== Work item ==
Each record has to be repeated exactly as given.

Dataset records:
------------------------

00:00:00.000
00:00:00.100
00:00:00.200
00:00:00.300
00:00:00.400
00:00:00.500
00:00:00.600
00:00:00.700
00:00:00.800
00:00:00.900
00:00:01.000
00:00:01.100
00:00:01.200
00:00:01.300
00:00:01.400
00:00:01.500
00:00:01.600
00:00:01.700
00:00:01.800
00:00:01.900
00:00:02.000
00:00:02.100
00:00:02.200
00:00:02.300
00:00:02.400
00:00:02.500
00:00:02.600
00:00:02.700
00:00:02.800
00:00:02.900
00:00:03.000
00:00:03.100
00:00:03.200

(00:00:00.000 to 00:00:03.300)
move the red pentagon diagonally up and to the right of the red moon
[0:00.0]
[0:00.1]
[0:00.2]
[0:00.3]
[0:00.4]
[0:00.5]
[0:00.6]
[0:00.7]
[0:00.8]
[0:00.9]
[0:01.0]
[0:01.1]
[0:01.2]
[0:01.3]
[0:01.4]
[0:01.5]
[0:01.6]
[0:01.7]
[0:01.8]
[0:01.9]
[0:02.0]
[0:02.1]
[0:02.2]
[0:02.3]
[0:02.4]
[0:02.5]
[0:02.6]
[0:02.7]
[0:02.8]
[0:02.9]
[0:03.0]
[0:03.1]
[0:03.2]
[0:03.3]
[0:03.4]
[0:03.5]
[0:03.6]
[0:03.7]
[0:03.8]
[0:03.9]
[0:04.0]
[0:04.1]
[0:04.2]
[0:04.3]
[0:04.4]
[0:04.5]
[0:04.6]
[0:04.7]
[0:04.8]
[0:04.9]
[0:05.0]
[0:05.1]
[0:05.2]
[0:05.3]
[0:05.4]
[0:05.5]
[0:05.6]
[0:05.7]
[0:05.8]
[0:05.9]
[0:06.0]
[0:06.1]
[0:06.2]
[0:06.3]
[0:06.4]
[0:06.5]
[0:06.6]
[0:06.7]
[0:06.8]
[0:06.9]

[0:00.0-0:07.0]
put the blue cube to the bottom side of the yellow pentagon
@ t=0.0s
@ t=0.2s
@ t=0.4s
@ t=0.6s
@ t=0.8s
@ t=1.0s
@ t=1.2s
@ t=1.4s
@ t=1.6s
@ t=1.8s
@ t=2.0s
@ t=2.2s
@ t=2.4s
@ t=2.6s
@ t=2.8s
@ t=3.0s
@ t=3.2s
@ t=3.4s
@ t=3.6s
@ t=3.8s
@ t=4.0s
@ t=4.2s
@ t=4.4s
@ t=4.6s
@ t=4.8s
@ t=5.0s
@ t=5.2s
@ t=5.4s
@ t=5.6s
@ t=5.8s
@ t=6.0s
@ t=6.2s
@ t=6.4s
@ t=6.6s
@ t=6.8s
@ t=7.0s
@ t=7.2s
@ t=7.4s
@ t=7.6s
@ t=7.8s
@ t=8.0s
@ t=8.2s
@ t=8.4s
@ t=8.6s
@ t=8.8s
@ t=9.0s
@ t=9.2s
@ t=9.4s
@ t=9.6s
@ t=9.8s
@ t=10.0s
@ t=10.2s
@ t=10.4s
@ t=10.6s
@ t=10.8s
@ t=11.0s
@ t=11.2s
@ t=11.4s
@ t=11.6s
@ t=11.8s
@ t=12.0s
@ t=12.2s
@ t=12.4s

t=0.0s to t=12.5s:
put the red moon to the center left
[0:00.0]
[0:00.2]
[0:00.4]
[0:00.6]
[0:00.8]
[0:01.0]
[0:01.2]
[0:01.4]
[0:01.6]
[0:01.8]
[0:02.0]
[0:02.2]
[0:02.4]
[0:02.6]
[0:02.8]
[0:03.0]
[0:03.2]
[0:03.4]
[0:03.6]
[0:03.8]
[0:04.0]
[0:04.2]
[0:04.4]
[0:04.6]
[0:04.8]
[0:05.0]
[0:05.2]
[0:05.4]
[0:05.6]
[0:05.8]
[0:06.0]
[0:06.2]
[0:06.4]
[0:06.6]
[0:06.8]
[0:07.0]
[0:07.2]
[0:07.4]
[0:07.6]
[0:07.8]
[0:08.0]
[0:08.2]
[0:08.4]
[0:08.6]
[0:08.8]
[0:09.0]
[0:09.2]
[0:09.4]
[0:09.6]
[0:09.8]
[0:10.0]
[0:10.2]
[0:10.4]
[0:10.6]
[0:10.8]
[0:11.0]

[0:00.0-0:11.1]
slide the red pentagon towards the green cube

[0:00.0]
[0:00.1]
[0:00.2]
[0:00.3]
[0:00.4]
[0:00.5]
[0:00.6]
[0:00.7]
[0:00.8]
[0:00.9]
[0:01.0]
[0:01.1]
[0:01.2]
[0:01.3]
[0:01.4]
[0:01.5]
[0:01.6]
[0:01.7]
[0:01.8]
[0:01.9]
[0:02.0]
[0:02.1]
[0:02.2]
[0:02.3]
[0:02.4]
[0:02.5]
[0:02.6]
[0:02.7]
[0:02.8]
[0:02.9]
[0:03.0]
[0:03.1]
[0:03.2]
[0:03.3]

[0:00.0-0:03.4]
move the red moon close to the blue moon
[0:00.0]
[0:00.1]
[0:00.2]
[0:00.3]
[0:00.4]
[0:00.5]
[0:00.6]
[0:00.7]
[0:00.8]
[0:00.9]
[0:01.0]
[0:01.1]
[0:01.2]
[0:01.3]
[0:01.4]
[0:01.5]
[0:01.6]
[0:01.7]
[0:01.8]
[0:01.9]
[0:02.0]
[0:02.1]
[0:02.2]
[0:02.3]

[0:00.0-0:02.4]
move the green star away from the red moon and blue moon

------------------------

== Expected answer ==
00:00:00.000
00:00:00.100
00:00:00.200
00:00:00.300
00:00:00.400
00:00:00.500
00:00:00.600
00:00:00.700
00:00:00.800
00:00:00.900
00:00:01.000
00:00:01.100
00:00:01.200
00:00:01.300
00:00:01.400
00:00:01.500
00:00:01.600
00:00:01.700
00:00:01.800
00:00:01.900
00:00:02.000
00:00:02.100
00:00:02.200
00:00:02.300
00:00:02.400
00:00:02.500
00:00:02.600
00:00:02.700
00:00:02.800
00:00:02.900
00:00:03.000
00:00:03.100
00:00:03.200

(00:00:00.000 to 00:00:03.300)
move the red pentagon diagonally up and to the right of the red moon
[0:00.0]
[0:00.1]
[0:00.2]
[0:00.3]
[0:00.4]
[0:00.5]
[0:00.6]
[0:00.7]
[0:00.8]
[0:00.9]
[0:01.0]
[0:01.1]
[0:01.2]
[0:01.3]
[0:01.4]
[0:01.5]
[0:01.6]
[0:01.7]
[0:01.8]
[0:01.9]
[0:02.0]
[0:02.1]
[0:02.2]
[0:02.3]
[0:02.4]
[0:02.5]
[0:02.6]
[0:02.7]
[0:02.8]
[0:02.9]
[0:03.0]
[0:03.1]
[0:03.2]
[0:03.3]
[0:03.4]
[0:03.5]
[0:03.6]
[0:03.7]
[0:03.8]
[0:03.9]
[0:04.0]
[0:04.1]
[0:04.2]
[0:04.3]
[0:04.4]
[0:04.5]
[0:04.6]
[0:04.7]
[0:04.8]
[0:04.9]
[0:05.0]
[0:05.1]
[0:05.2]
[0:05.3]
[0:05.4]
[0:05.5]
[0:05.6]
[0:05.7]
[0:05.8]
[0:05.9]
[0:06.0]
[0:06.1]
[0:06.2]
[0:06.3]
[0:06.4]
[0:06.5]
[0:06.6]
[0:06.7]
[0:06.8]
[0:06.9]

[0:00.0-0:07.0]
put the blue cube to the bottom side of the yellow pentagon
@ t=0.0s
@ t=0.2s
@ t=0.4s
@ t=0.6s
@ t=0.8s
@ t=1.0s
@ t=1.2s
@ t=1.4s
@ t=1.6s
@ t=1.8s
@ t=2.0s
@ t=2.2s
@ t=2.4s
@ t=2.6s
@ t=2.8s
@ t=3.0s
@ t=3.2s
@ t=3.4s
@ t=3.6s
@ t=3.8s
@ t=4.0s
@ t=4.2s
@ t=4.4s
@ t=4.6s
@ t=4.8s
@ t=5.0s
@ t=5.2s
@ t=5.4s
@ t=5.6s
@ t=5.8s
@ t=6.0s
@ t=6.2s
@ t=6.4s
@ t=6.6s
@ t=6.8s
@ t=7.0s
@ t=7.2s
@ t=7.4s
@ t=7.6s
@ t=7.8s
@ t=8.0s
@ t=8.2s
@ t=8.4s
@ t=8.6s
@ t=8.8s
@ t=9.0s
@ t=9.2s
@ t=9.4s
@ t=9.6s
@ t=9.8s
@ t=10.0s
@ t=10.2s
@ t=10.4s
@ t=10.6s
@ t=10.8s
@ t=11.0s
@ t=11.2s
@ t=11.4s
@ t=11.6s
@ t=11.8s
@ t=12.0s
@ t=12.2s
@ t=12.4s

t=0.0s to t=12.5s:
put the red moon to the center left
[0:00.0]
[0:00.2]
[0:00.4]
[0:00.6]
[0:00.8]
[0:01.0]
[0:01.2]
[0:01.4]
[0:01.6]
[0:01.8]
[0:02.0]
[0:02.2]
[0:02.4]
[0:02.6]
[0:02.8]
[0:03.0]
[0:03.2]
[0:03.4]
[0:03.6]
[0:03.8]
[0:04.0]
[0:04.2]
[0:04.4]
[0:04.6]
[0:04.8]
[0:05.0]
[0:05.2]
[0:05.4]
[0:05.6]
[0:05.8]
[0:06.0]
[0:06.2]
[0:06.4]
[0:06.6]
[0:06.8]
[0:07.0]
[0:07.2]
[0:07.4]
[0:07.6]
[0:07.8]
[0:08.0]
[0:08.2]
[0:08.4]
[0:08.6]
[0:08.8]
[0:09.0]
[0:09.2]
[0:09.4]
[0:09.6]
[0:09.8]
[0:10.0]
[0:10.2]
[0:10.4]
[0:10.6]
[0:10.8]
[0:11.0]

[0:00.0-0:11.1]
slide the red pentagon towards the green cube

[0:00.0]
[0:00.1]
[0:00.2]
[0:00.3]
[0:00.4]
[0:00.5]
[0:00.6]
[0:00.7]
[0:00.8]
[0:00.9]
[0:01.0]
[0:01.1]
[0:01.2]
[0:01.3]
[0:01.4]
[0:01.5]
[0:01.6]
[0:01.7]
[0:01.8]
[0:01.9]
[0:02.0]
[0:02.1]
[0:02.2]
[0:02.3]
[0:02.4]
[0:02.5]
[0:02.6]
[0:02.7]
[0:02.8]
[0:02.9]
[0:03.0]
[0:03.1]
[0:03.2]
[0:03.3]

[0:00.0-0:03.4]
move the red moon close to the blue moon
[0:00.0]
[0:00.1]
[0:00.2]
[0:00.3]
[0:00.4]
[0:00.5]
[0:00.6]
[0:00.7]
[0:00.8]
[0:00.9]
[0:01.0]
[0:01.1]
[0:01.2]
[0:01.3]
[0:01.4]
[0:01.5]
[0:01.6]
[0:01.7]
[0:01.8]
[0:01.9]
[0:02.0]
[0:02.1]
[0:02.2]
[0:02.3]

[0:00.0-0:02.4]
move the green star away from the red moon and blue moon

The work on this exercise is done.